Según un estudio publicado esta semana por la revista científica norteamericana Injury Prevention, el consumo elevado de refrescos entre los adolescentes podría estar relacionado con un aumento de la agresividad en su comportamiento social. Según los autores del estudio, Sara J. Solnick, del Departmento de Economía de la Universidad de Vermont y David Hemenway del […]

Según un estudio publicado esta semana por la revista científica norteamericana Injury Prevention, el consumo elevado de refrescos entre los adolescentes podría estar relacionado con un aumento de la agresividad en su comportamiento social.

Según los autores del estudio, Sara J. Solnick, del Departmento de Economía de la Universidad de Vermont y David Hemenway del Departamento de Salud Pública de la Harvard School de Boston, los adolescentes que ingieren más de cinco latas por semana de bebidas gaseosas refrescantes son significativamente más propensos a tener actitudes violentas, entre las que se incluyen portar armas y perpetrar agresiones.

El estudio tenía como objetivo investigar la asociación entre la penetración de la violencia y las bebidas carbonatadas no light en una muestra de jóvenes adolescentes de la ciudad de Boston, a través de una serie de encuestas realizadas en escuelas públicas de secundaria de esta ciudad estadounidense.
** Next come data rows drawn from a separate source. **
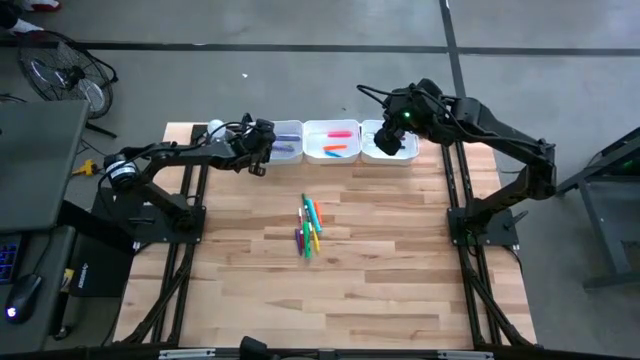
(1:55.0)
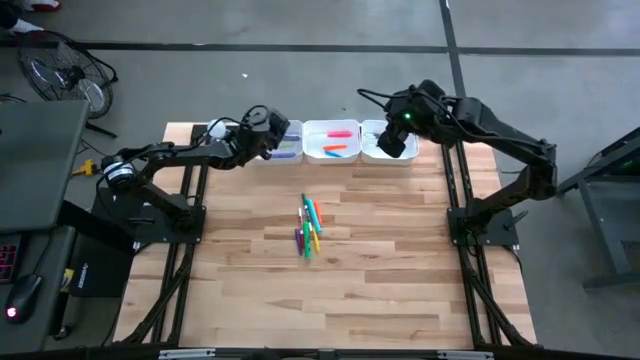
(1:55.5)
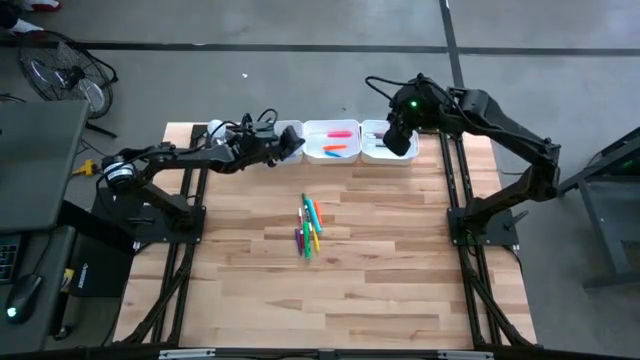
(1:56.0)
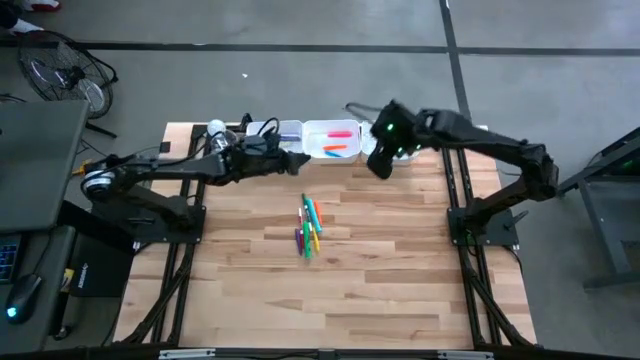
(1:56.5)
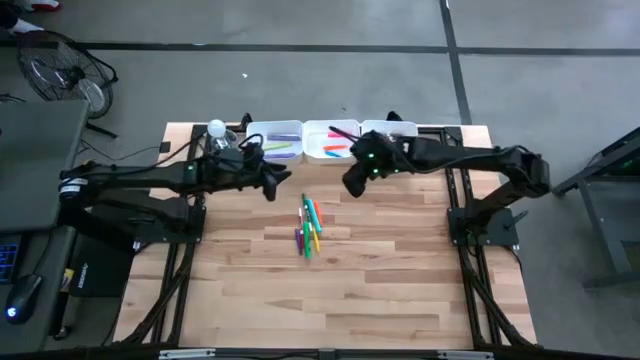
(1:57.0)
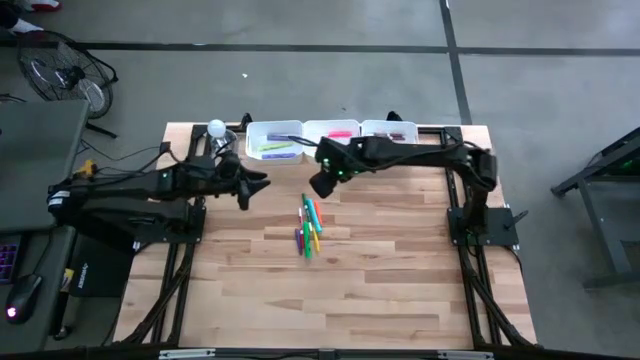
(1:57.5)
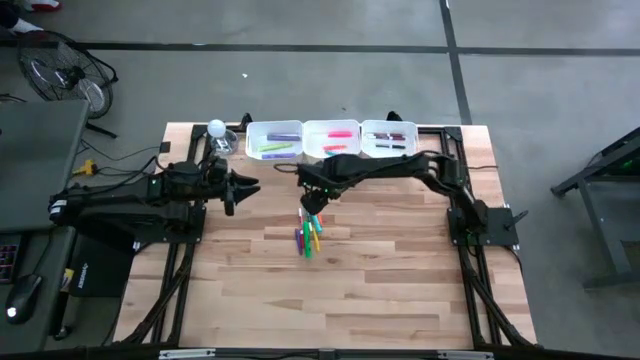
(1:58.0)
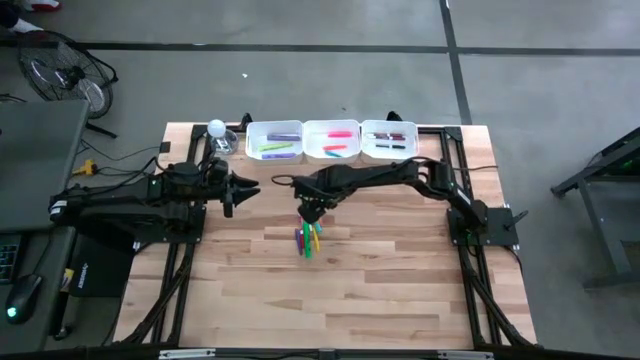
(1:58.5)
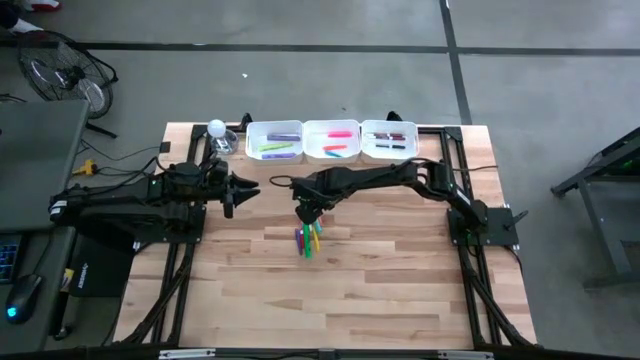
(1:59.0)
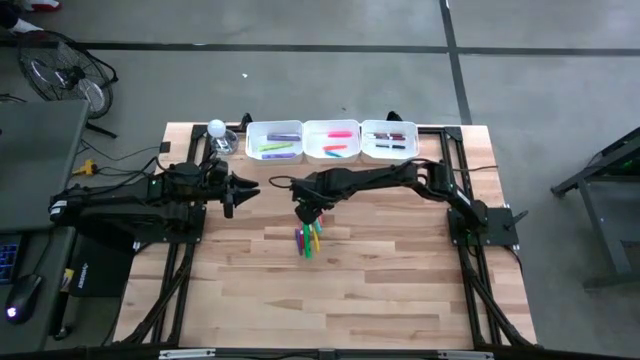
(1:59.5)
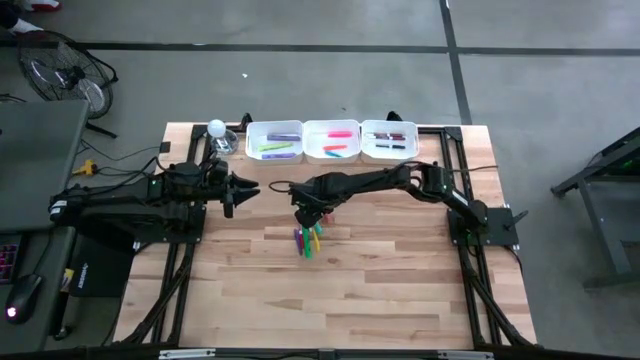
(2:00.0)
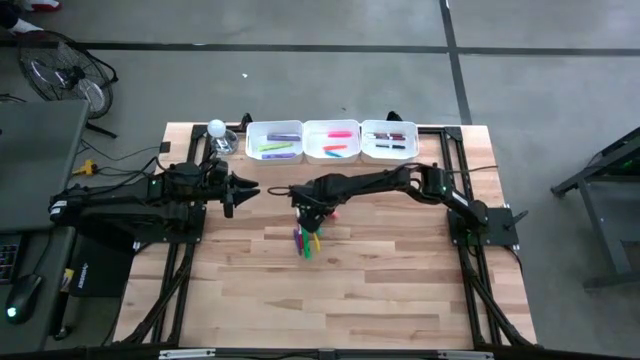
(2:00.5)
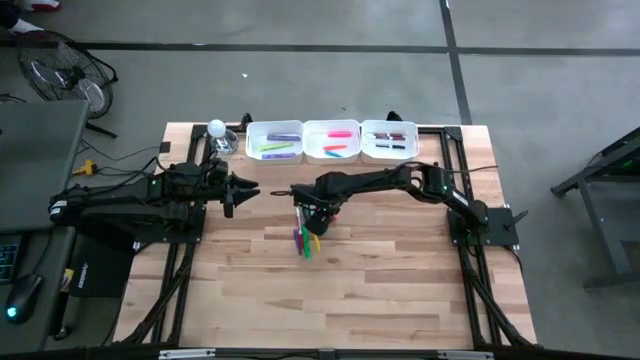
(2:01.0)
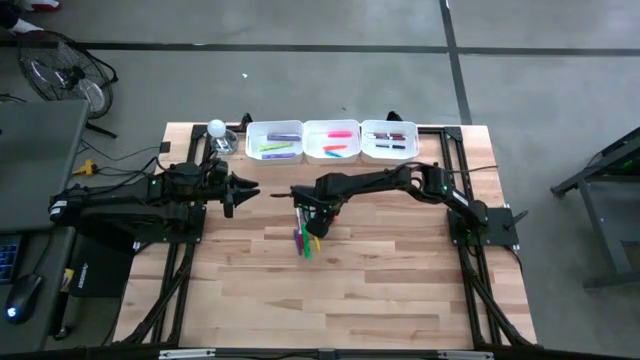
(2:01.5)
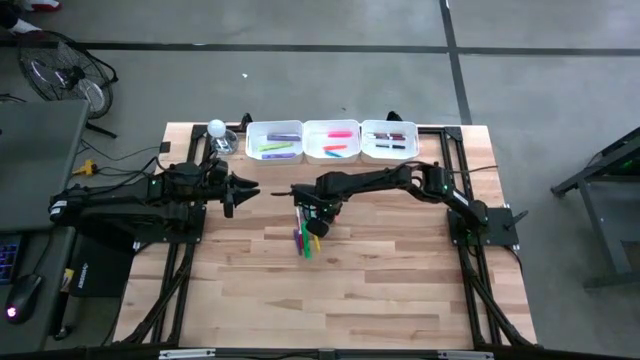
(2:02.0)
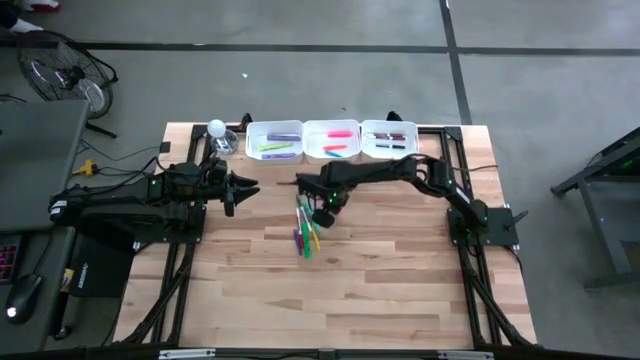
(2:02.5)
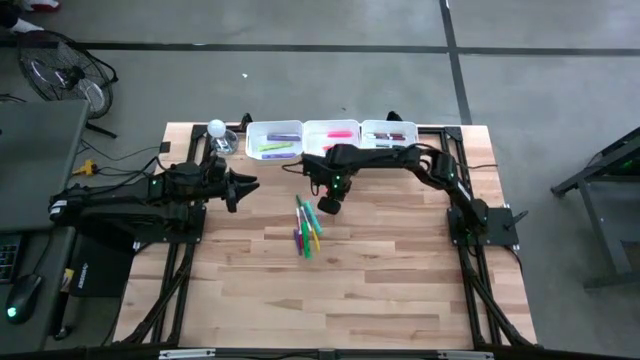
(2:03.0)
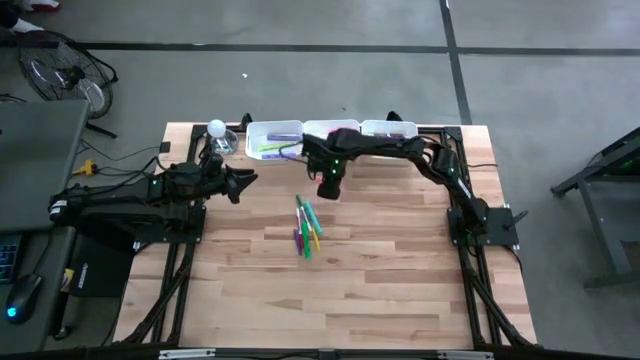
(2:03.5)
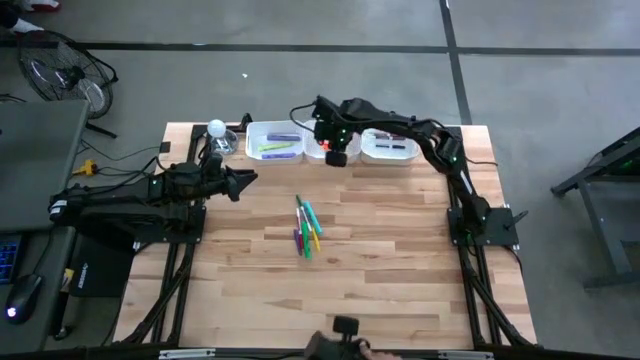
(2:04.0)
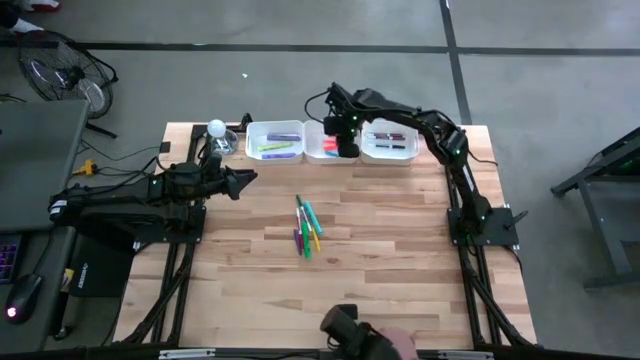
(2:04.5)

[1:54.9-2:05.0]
Task: Pick & Place Markers
Put the orange pen into the middle white bin

Más propensos a llevar un arma y a la violencia

Los resultados indicaron que los adolescentes que bebían más de cinco latas de este tipo de refrescos por semana (casi el 30 % de la muestra) eran considerablemente más propensos a haber llevado un arma (con un índice de probabilidad del 99%) y haber sido violentos con sus compañeros y miembros de la familia (con un índice de probabilidad del 99,9%).

El consumo frecuente de refrescos resultó asociado con el aumento de entre un 9% y un15 % de la probabilidad de participación en acciones agresivas, incluso después de haber filtrado datos relativos a género, edad, raza, índice de masa de cuerpo, modelos de sueño, consumo de tabaco y alcohol y particularidades familiares.

Como conclusión, los investigadores afirman que existe una asociación significativa y fuerte entre los refrescos y la violencia, pudiendo haber una relación causa-efecto directa, quizás debido al contenido de cafeína o azúcar de los refrescos, aunque reconocen que podrían existir otros factores, no considerados en su análisis, que fueran la causa tanto consumo alto de refrescos como de la violencia.